→ Source records
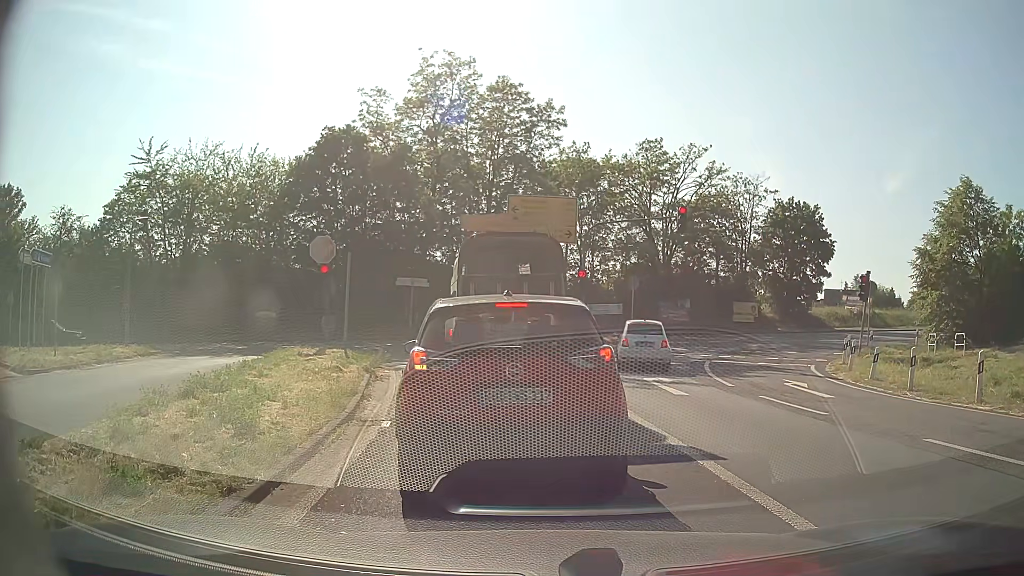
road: motorway_link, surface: asphalt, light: Day
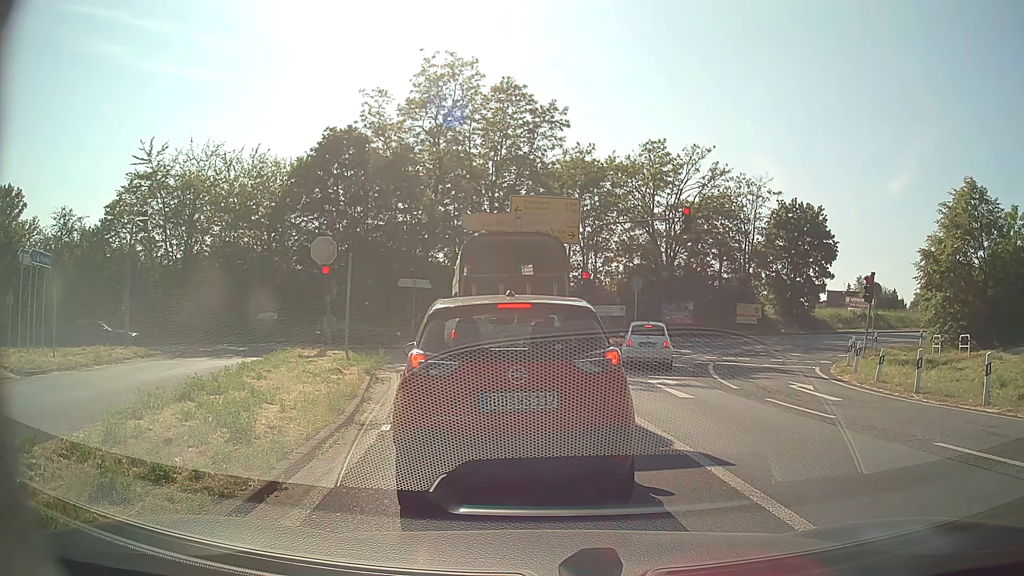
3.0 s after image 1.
(0.0, +0.3) m; 0°
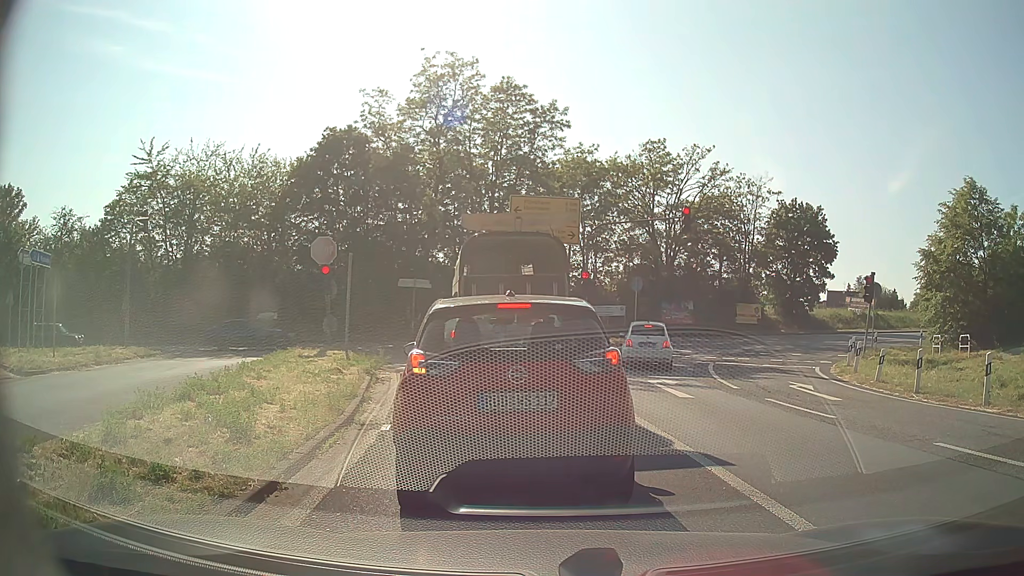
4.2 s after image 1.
(0.0, 0.0) m; 0°
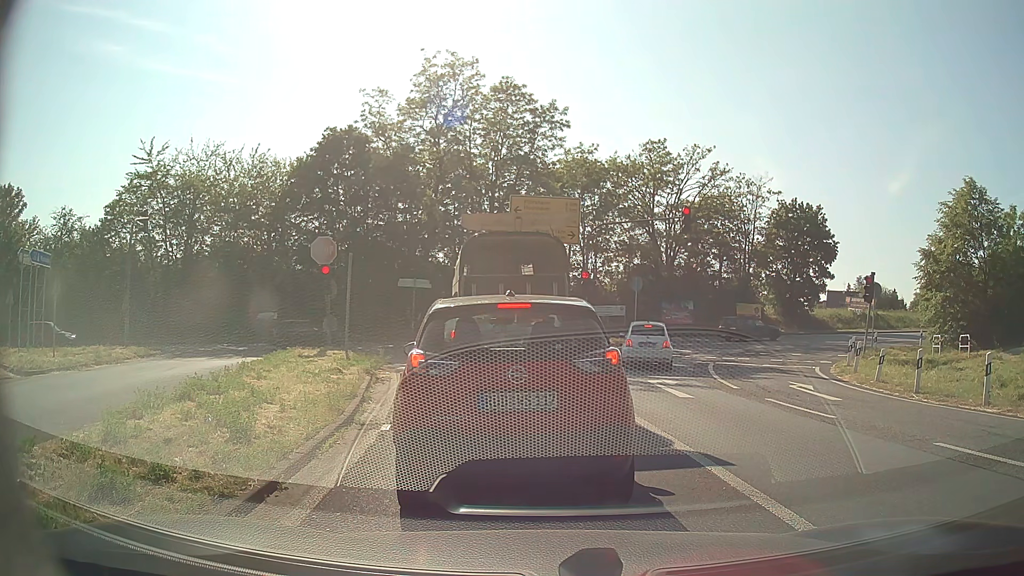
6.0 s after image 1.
(0.0, 0.0) m; 0°
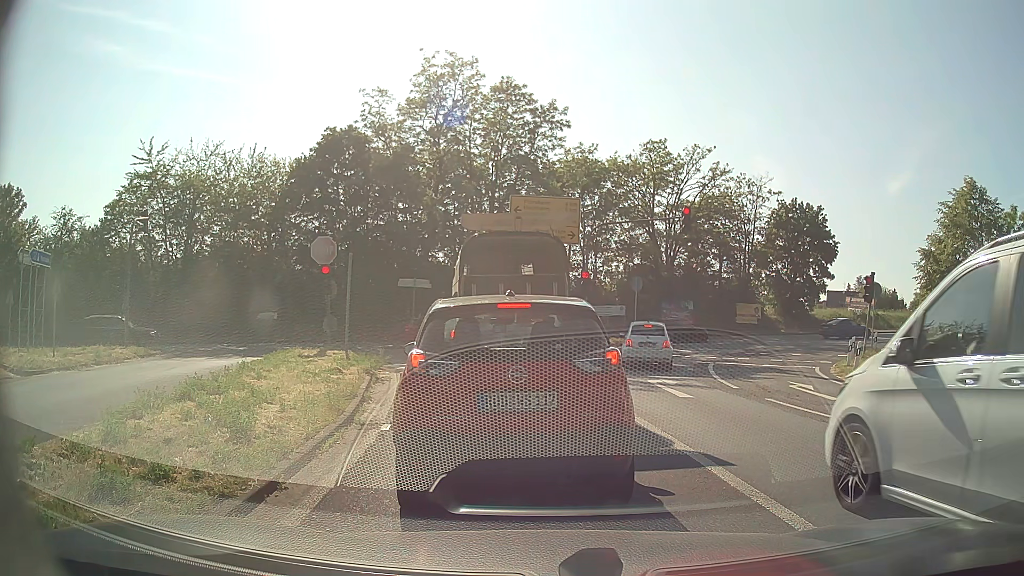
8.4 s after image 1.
(0.0, 0.0) m; 0°
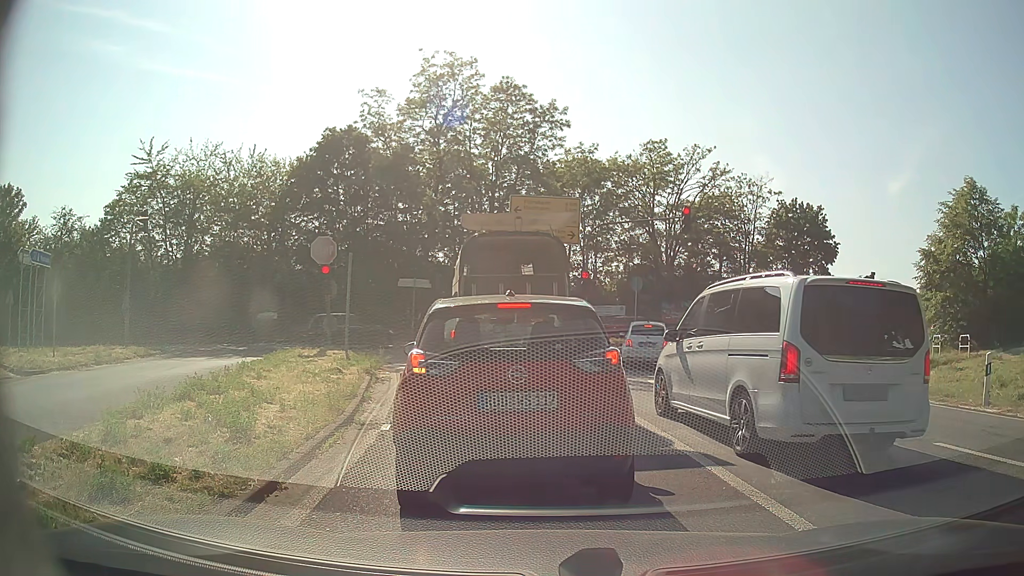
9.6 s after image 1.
(0.0, 0.0) m; 0°
(-1, +10) (-3, +20) (-7, +29) (-15, +34) (-25, +33) (-34, +29) (-43, +25) (-52, +20) (-61, +16) (-70, +11) m

→ Assignment
Find the line containing "3.0 s after image 1." in the listing above. Please restate word for word that line through the last one, leaving out the pictures.

→ Exercise answer
3.0 s after image 1.
(0.0, +0.3) m; 0°
4.2 s after image 1.
(0.0, 0.0) m; 0°
6.0 s after image 1.
(0.0, 0.0) m; 0°
8.4 s after image 1.
(0.0, 0.0) m; 0°
9.6 s after image 1.
(0.0, 0.0) m; 0°
(-1, +10) (-3, +20) (-7, +29) (-15, +34) (-25, +33) (-34, +29) (-43, +25) (-52, +20) (-61, +16) (-70, +11) m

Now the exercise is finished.